WRT to the tty switch, this is a normal tty switch looks like for me in dmesg:

[Apr23 13:16] fbcon: Taking over console
[  +0.000134] Console: switching to colour frame buffer device 128x48

This “Lost display notification” stuff seems to be abnormal, and thus related – I believe both to the crash and the tty switch.

I also noticed an interesting phenomenon. If I pulled up top, typically a single program would have abnormally high CPU usage in comparison its typical behavior. If I left top, killed it, and came back, another GPU program would take it’s place. If I had to guess, programs are getting stuck in a loop trying to render, either outright failing (thought not crashing), or just moving extremely slowly.
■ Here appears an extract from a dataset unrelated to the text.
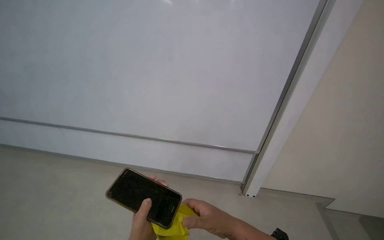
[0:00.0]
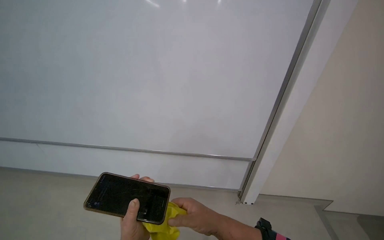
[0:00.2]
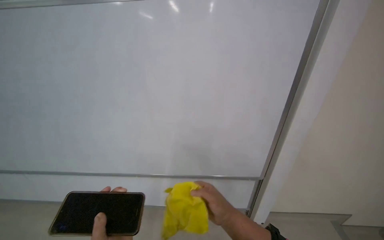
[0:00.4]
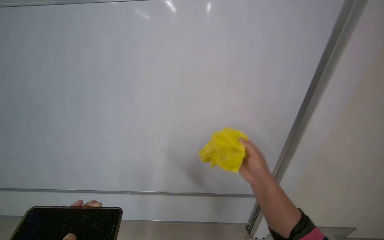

Spotify, is one of the programs that went to the top, and interesting in the dmesg log here, you can see it died of a segfault in libnvidia-glcore.so.440.82. Looking at my fish shell history, I pulled the exact time stamp I killed spotify:

# Thu 23 Apr 2020 12:55:44 PM EDT
kill -9 13605

So, killing the spotify process resulted in this segfault, this again is abnormal, especially the kill to result in a segfault inside of an nvidia library. Without the issue occurring, killing any one of spotify’s processes does not result in this error.

Hardware wise, this is a Ryzen 3950X system with a 2080 RTX card, running on KDE Neon (Ubuntu 18.04 LTS provides the base packages, Neon only provides Qt and KDE packages, so at a core system level, 18.04 LTS) using kernel 5.3.0-46-generic with nvidia 440.82.

Hopefully this is at least somewhat useful.

I got a nvidia-bug-report.log.gz this time, and I’ve emailed it to the provided email. Interestingly this time, I was unable to gracefully shutdown my system, otherwise, very similar results, including the Lost display notification.

So I was about to write I had not had the problem in a week and thought maybe a kernel or driver update fixed it, but then it just happened again!
The freeze left me unable to do anything and I had to hard reboot.
Here is the log made right after the reboot, hope there is something to be seen in there…
Thanks,

nvidia-bug-report3.log (543.0 KB)

I have filed a bug 200614112 internally for tracking purpose.
Will try to attempt repro and may reach to you again if required more information.

Thank you,
Was there anything worth noting in the log then? Maybe something I can try in the meantime?

Logs doesn’t have much detailed information to root cause issue.
It would be great to have concrete and reliable repro steps so that I can try the same.

Hi, unfortunately, I cannot reproduce it myself clearly. I worked for a week on the computer, all day, and had no problems, but then sometimes it happens twice in a few hours.
The only regularity I can mention (although it’s not always the case) is that it’s often when playing a video. It can be from a web browser or a video player like VLC, does not matter. Maybe it was on fullscreen most of the time, I’m not sure.
But I often watch videos (fullscreen or not) and NOT get the freeze, so I’m not sure why sometimes it would cause it.

Adding to the previous comment, just had a freeze while not watching a video, no doing much.
Log attached, this time the log was taken just as the freeze announced itself: ultra laggy system, Xorg and irq-nvidia processes running on a full core each, as usual. System doing OK for the rest.
nvidia-bug-report4.log (1.0 MB)
Not sure if something about what is going on at that time can be seen in there.

I think some of the reports here referencing Xid 61 might be the same as what we were seeing in this thread:

Thank you, indeed it seems to be the same issue.
Not really reassuring that it’s been reported by so many people and that it’s been open for months…

I am still trying to recreate issue locally but no luck so far.
Would be great to know if someone finds reliable steps to reproduce it.
Also it would be worth updating BIOS if it is not up to date.